Whilst this is a very handy trick for getting to understand the MDX required for generating the cube formulae, it is on an individual cell basis. The pivot table itself does not pull all of this data back on a cell by cell basis, it issues a far more complex MDX set query that pulls back all of the data specified in your pivot table. To see this code would be very useful in gaining better MDX understanding, so how can we do this?

There is nothing built into Excel to provide this, but there is a free addin at CodePlex called OLAP PivotTable Extensions which adds a pivot table context menu item. One of the extensions is to show the MDX code. If you right click within the pivot table, you should see the new context menu item, as in Figure 6.

Figure 6

This displays the following dialog, Figure 7, where you can see the MDX code on the MDX tab.

Figure 7

As you can see at first sight, this is quite scary, but most of it is a list of cells being returned, such as [Product].[Product Categories].[Product].[List Price]. Cut and paste it to a text editor and you should be able to format it and make it more readable, helping to understand what it is doing.
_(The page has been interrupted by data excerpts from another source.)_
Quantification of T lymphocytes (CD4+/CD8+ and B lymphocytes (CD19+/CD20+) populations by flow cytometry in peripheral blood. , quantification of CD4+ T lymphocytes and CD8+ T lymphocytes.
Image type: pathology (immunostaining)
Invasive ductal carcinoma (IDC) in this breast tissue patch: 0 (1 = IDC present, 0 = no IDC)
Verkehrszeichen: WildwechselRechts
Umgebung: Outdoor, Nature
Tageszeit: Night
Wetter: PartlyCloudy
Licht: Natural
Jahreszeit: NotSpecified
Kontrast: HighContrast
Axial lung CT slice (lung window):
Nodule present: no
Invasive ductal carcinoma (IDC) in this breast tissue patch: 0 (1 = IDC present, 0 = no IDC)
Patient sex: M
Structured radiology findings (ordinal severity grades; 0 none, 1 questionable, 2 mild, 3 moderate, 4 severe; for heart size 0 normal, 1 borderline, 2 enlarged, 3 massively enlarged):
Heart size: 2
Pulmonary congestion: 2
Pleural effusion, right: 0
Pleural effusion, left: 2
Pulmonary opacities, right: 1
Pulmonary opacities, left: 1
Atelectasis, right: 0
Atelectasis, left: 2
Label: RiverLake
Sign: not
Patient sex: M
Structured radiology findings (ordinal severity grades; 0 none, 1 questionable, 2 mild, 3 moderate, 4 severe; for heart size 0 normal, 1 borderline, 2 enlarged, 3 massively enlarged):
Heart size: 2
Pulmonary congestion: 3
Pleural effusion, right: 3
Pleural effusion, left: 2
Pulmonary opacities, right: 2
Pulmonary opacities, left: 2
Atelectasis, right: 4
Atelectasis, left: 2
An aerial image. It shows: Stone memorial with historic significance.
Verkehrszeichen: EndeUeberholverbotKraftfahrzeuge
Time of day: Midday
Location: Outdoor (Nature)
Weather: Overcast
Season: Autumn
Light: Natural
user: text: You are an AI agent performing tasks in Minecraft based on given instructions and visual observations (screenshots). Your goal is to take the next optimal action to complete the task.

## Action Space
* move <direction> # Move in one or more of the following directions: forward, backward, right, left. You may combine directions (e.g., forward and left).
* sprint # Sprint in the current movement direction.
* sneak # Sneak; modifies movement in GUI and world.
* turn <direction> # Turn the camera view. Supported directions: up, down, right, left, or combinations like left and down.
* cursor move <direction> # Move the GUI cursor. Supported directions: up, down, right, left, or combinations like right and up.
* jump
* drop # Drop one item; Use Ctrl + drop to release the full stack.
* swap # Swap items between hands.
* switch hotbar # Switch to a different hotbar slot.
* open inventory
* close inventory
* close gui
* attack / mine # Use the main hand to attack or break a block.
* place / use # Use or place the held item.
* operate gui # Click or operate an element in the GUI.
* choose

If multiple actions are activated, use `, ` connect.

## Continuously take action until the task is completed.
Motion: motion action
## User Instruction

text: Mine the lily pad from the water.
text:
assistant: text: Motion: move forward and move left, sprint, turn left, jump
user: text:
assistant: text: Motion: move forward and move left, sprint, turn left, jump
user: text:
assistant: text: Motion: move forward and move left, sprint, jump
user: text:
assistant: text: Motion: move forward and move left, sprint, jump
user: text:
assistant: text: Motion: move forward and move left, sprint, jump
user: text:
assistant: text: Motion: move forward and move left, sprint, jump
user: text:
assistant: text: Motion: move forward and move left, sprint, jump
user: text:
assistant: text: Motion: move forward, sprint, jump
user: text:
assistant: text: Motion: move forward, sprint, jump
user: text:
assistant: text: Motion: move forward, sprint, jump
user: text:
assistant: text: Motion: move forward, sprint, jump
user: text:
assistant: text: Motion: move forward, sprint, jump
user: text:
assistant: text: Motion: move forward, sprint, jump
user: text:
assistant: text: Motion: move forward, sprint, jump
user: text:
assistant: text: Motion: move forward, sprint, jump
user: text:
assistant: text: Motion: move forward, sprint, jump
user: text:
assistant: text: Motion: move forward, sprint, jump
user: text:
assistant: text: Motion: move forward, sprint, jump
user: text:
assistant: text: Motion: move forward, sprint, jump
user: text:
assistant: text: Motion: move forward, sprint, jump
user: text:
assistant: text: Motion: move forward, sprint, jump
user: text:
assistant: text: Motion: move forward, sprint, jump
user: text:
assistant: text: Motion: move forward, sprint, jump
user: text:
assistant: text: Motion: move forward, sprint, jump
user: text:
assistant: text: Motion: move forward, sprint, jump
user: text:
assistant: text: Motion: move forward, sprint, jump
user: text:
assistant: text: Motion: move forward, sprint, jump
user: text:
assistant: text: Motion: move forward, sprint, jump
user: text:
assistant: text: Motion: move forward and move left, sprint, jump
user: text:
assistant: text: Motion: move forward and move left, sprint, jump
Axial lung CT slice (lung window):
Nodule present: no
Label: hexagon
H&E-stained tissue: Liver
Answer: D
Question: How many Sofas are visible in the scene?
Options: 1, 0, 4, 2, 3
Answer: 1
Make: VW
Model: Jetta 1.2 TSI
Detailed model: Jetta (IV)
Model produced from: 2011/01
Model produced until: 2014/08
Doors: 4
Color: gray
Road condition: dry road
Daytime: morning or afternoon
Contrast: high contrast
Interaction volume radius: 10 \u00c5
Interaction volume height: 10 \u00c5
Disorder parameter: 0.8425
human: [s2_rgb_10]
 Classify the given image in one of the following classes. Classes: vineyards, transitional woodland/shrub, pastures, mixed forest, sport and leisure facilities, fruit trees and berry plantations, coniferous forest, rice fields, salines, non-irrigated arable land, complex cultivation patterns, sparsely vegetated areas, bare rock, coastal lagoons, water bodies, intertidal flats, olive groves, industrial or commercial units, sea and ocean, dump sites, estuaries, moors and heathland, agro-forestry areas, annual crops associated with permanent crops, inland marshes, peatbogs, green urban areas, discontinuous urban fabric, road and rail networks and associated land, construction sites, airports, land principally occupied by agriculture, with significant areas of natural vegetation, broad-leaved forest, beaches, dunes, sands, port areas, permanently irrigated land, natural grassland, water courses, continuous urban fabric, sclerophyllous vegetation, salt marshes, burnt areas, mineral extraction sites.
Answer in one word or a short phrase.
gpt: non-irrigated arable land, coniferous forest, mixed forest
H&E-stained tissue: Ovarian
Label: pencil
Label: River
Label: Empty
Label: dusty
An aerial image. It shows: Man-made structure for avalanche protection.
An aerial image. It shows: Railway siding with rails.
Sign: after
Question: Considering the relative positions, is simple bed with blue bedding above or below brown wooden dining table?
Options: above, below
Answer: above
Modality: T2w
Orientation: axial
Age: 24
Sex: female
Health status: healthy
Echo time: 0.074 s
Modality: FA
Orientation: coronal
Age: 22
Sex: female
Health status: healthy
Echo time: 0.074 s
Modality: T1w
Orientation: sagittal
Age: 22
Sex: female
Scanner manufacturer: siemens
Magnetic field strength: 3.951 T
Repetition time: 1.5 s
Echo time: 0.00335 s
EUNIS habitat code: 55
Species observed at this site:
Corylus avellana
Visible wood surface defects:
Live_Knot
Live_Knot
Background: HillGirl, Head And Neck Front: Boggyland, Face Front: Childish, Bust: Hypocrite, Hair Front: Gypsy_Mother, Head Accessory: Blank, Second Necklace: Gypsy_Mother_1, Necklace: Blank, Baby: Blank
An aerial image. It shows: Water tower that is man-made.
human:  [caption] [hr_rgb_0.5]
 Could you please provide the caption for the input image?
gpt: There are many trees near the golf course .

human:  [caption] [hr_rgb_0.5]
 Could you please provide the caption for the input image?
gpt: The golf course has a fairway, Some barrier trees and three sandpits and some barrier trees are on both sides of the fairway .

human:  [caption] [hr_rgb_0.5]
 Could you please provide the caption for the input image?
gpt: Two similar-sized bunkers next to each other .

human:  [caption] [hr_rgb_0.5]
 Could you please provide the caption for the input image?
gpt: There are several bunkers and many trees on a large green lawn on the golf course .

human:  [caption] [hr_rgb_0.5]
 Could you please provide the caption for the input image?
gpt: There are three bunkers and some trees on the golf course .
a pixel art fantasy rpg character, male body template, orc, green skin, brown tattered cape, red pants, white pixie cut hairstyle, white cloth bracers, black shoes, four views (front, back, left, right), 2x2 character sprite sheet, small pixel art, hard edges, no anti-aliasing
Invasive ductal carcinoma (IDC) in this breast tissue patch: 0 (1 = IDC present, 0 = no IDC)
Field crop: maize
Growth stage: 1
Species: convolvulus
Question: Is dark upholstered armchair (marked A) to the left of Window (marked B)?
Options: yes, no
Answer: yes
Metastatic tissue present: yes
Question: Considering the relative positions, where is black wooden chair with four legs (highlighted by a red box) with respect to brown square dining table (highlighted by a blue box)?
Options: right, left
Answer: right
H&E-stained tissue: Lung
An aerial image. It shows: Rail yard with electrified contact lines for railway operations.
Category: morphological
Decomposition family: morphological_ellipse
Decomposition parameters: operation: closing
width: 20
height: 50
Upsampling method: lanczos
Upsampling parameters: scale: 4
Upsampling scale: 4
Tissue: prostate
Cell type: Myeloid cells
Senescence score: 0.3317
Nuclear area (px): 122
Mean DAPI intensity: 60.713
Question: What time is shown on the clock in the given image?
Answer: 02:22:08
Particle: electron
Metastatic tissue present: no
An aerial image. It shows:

One thing to note in this query, as in most pivot table queries off a cube, is that is uses the NON EMPTY clause in the selects. What this effectively does is to outsort any of the member combinations along a particular axis that have nothing but empty cells. At first sight this seems like a good idea, don’t clog up the query with a whole bunch of rows where there is no data. But there is a potential downside to this. What if you want to see some of those empty rows? As in the case where some of your sales team might have targets and some don’t (for instance, customer salesmen as against store salesmen). In this case, you would want to see their empty rows because you would want to know that they are not hitting those targets, but you would not want to see the empty rows for the store sales staff. In an MDX query in SMS you would use the Exists function instead of NON EMPTY, I have yet to find out how to do the same in a pivot table.